• What this task involves: Go through the data and copy every line exactly, but not the images.

Data Block Start

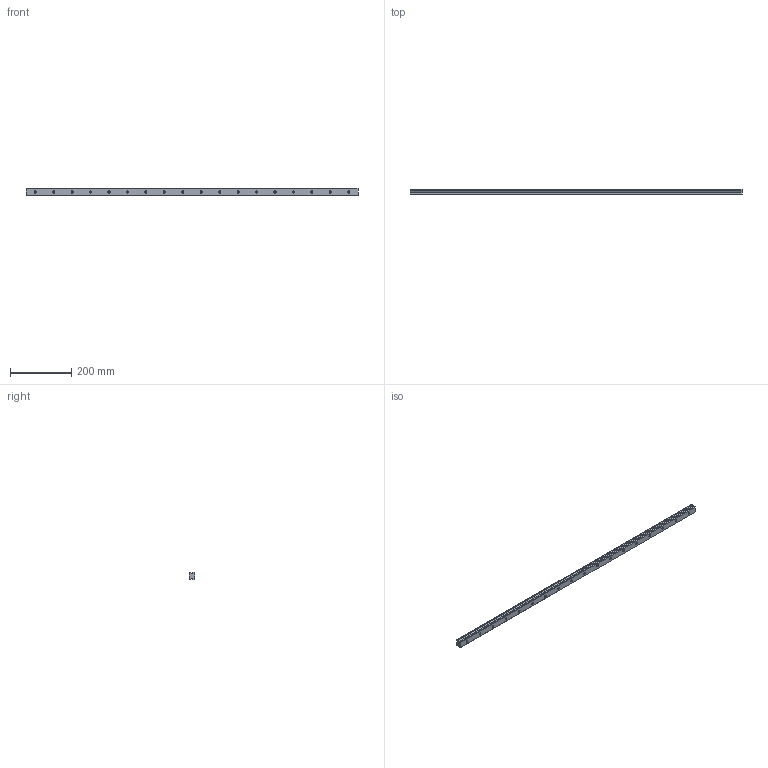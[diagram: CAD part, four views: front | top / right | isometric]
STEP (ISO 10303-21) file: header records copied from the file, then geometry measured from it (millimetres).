
FILE_DESCRIPTION (( 'STEP AP214' ), '1' );
FILE_NAME ('SSR25XTB1SS-1080LY_G30_0_B-M6F_498-5_0_0_0.STEP', '2021-06-28T12:55:06', ( '' ), ( '' ), 'SwSTEP 2.0', 'SolidWorks 2021', '' );
FILE_SCHEMA (( 'AUTOMOTIVE_DESIGN' ));
Length unit declared in the file: millimetre
Products named in the file (2): _SSR25XTBY108030Y Track; SSR25XTB1SS-1080LY_G30_0_B-M6F_498-5_0_0_0
Assembly tree (1 placements, depth 2):
  SSR25XTB1SS-1080LY_G30_0_B-M6F_498-5_0_0_0
    _SSR25XTBY108030Y Track
Bounding box: 1080 x 18 x 23 mm (x, y, z)
Volume: 377802.5 mm3; surface area: 101951.4 mm2
Topology: 1 solids, 1 shells, 116 faces, 288 edges, 192 vertices
Faces by surface type: cylinder 80, plane 36
Entity records: 3670 total; most frequent: DIRECTION 688, CARTESIAN_POINT 600, ORIENTED_EDGE 576, EDGE_CURVE 288, AXIS2_PLACEMENT_3D 280, VERTEX_POINT 192, EDGE_LOOP 170, CIRCLE 160

Data Block End

• Your solution:
[diagram: CAD part, four views: front | top / right | isometric]
STEP (ISO 10303-21) file: header records copied from the file, then geometry measured from it (millimetres).
FILE_DESCRIPTION (( 'STEP AP214' ), '1' );
FILE_NAME ('SSR25XTB1SS-1080LY_G30_0_B-M6F_498-5_0_0_0.STEP', '2021-06-28T12:55:06', ( '' ), ( '' ), 'SwSTEP 2.0', 'SolidWorks 2021', '' );
FILE_SCHEMA (( 'AUTOMOTIVE_DESIGN' ));
Length unit declared in the file: millimetre
Products named in the file (2): _SSR25XTBY108030Y Track; SSR25XTB1SS-1080LY_G30_0_B-M6F_498-5_0_0_0
Assembly tree (1 placements, depth 2):
  SSR25XTB1SS-1080LY_G30_0_B-M6F_498-5_0_0_0
    _SSR25XTBY108030Y Track
Bounding box: 1080 x 18 x 23 mm (x, y, z)
Volume: 377802.5 mm3; surface area: 101951.4 mm2
Topology: 1 solids, 1 shells, 116 faces, 288 edges, 192 vertices
Faces by surface type: cylinder 80, plane 36
Entity records: 3670 total; most frequent: DIRECTION 688, CARTESIAN_POINT 600, ORIENTED_EDGE 576, EDGE_CURVE 288, AXIS2_PLACEMENT_3D 280, VERTEX_POINT 192, EDGE_LOOP 170, CIRCLE 160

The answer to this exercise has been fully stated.